Pilar had saved him and Bibi. He knew that. It was new knowledge that had stuck, and whenever he saw her, if he could get to that memory, then he could connect why she was important. She was important to his son. His son, who’d been a family man since the day Blue’s oldest daughter was set in his young lap, was finally getting a family of his own.
Pilar was describing something wedding-related. About the dress. She was going to wear her grandmother’s dress. Hoosier could not have cared less about wedding plans, or dresses, but he tried to pay attention anyway. He wanted to remember the girl his son loved.
Had he ever met her grandmother? He didn’t think so. There was something…he remembered something about Pilar. Had she gotten help from the club? Was that how they met? He felt sure that was it, but he couldn’t remember what.
He was still the President of the Night Horde SoCal, but he shouldn’t have been. Bart should have taken the President’s patch, if not while Hoosier was in a coma, then certainly when he’d woken and had still been all but a vegetable. He would have, if he’d been in the VP chair. In fact, that decision had once almost lain before him. But Bart had not. They were all acting in interim, waiting for his return.
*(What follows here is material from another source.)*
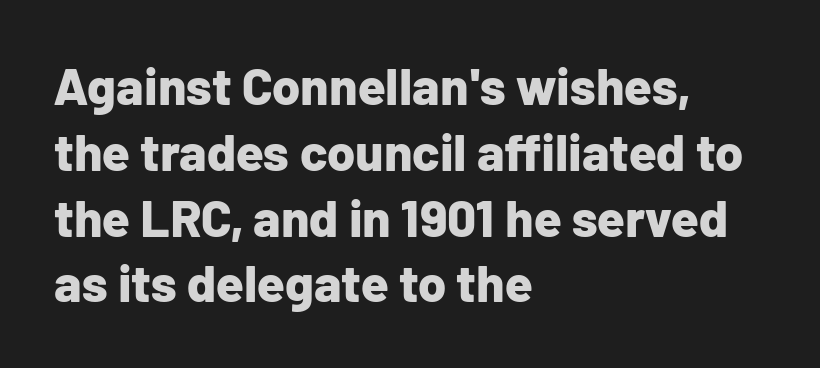
Spacing verdict: proportional, widths tailored to each character. Short and long lines alike share a common starting point at left. Bold? Absolutely — the strokes are thick and heavy. The letters stand straight up with perfectly vertical stems.

Could he return? Could he ever lead again? Hell, could he even do his miles? He’d known long before the fire that he was a lucky son of a bitch to be able to ride hard at his age. He’d been President of his club, whatever its patch, for twenty-five years. That was a long damn tenure in a hard life. Now that he was on the bench, unable to drive, let alone ride, maybe the bench was where he belonged.
But he looked across the table at his son, who was smiling at the woman he loved, listening as though her talk of lace and flowers were actually interesting. Connor was wearing his kutte, his sunglasses tucked in the pocket. Sergeant at Arms, he knew one of the patches on the right side of his chest read—he couldn’t read it, but he knew anyway. Damn, Hoosier was proud of his boy. Not a boy, not for a long time—a man. And a good one. A warrior. A protector. Strong and caring. Warm and loving. The best of father and mother.
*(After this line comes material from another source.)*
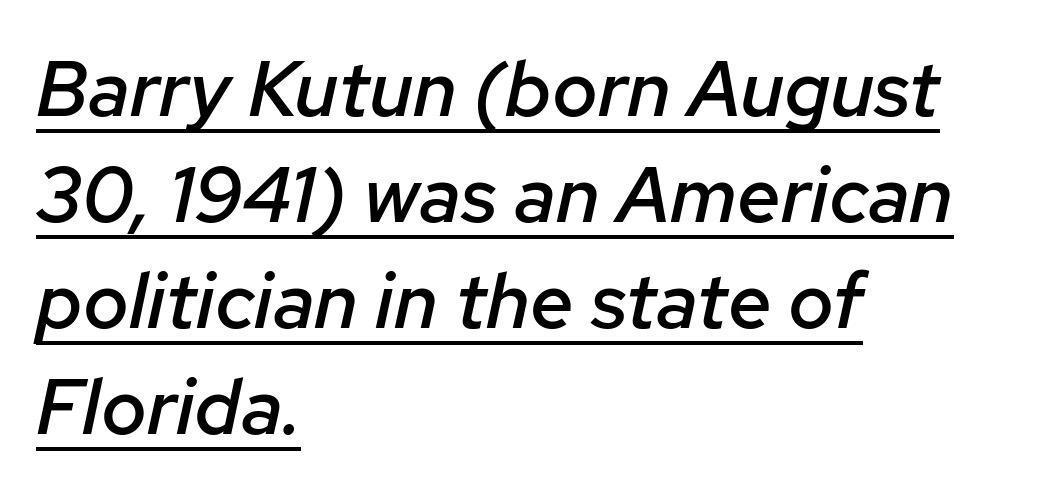
Italic? Definitely — the glyphs are oblique. Here the glyphs are tracked normally, forming tight word shapes. Compared with a centered layout, this one pins lines to the left instead. On the weight axis this lands at semibold, roughly 600.
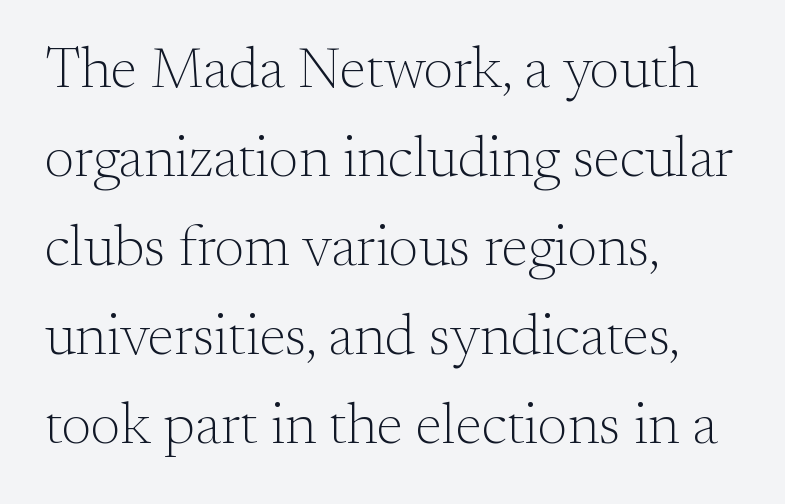
The image shows 57 px light serif type, upright; set left-aligned, normal line spacing (1.56x), normal letter spacing, not underlined; medium stroke contrast and a small x-height.

Hoosier wasn’t yet ready to walk away from that life. His recent memories might still be shaky, but he had his past firmly in hand. He was proud to wear a kutte, and he was prouder still that he shared that with his son.
Bibi and he hadn’t been able to make more than just that one child, but they’d done it right. And their life had been filled, after all, with young souls who’d needed their care. Bibi had turned her mothering light outward and shone it over everyone she knew.
~oOo~
Hoosier walked into the shop at Cali Classics. It was the middle of the afternoon, so the place was abuzz with projects. But his eyes first went to Blue’s station. He was doing a simple maintenance job, and Connor and Faith were messing around at his worktable.
He went over. Blue stood up, giving his full attention over, and Hoosier could feel the whole shop take notice. They knew he had news. But first he needed to deal with the kids. So he focused on Connor. “What’re you up to, boy?”
“Hi, Uncle Hooj.” Faith came over for a hug, her hands greasy, grease streaked even through her ponytails.
He picked up the five-year-old and gave her a squeeze. “Hey, Faithygirl. What’s the news?”
“We’re looking for things that match.”
Hoosier scanned the table, which was strewn with random nuts, bolts, washers, and other little metal parts that tended to accrue in loose lots around the shop. “That match what?”
She laughed. “I don’t know yet.”
Connor stood up straight. At twelve, he was starting to want to be a man, and Hoosier often saw him emulating the men around him. Luckily, in this club, most of the men around him were worth emulating. “Uncle Blue said it was okay. We weren’t in his way, Dad. I swear.”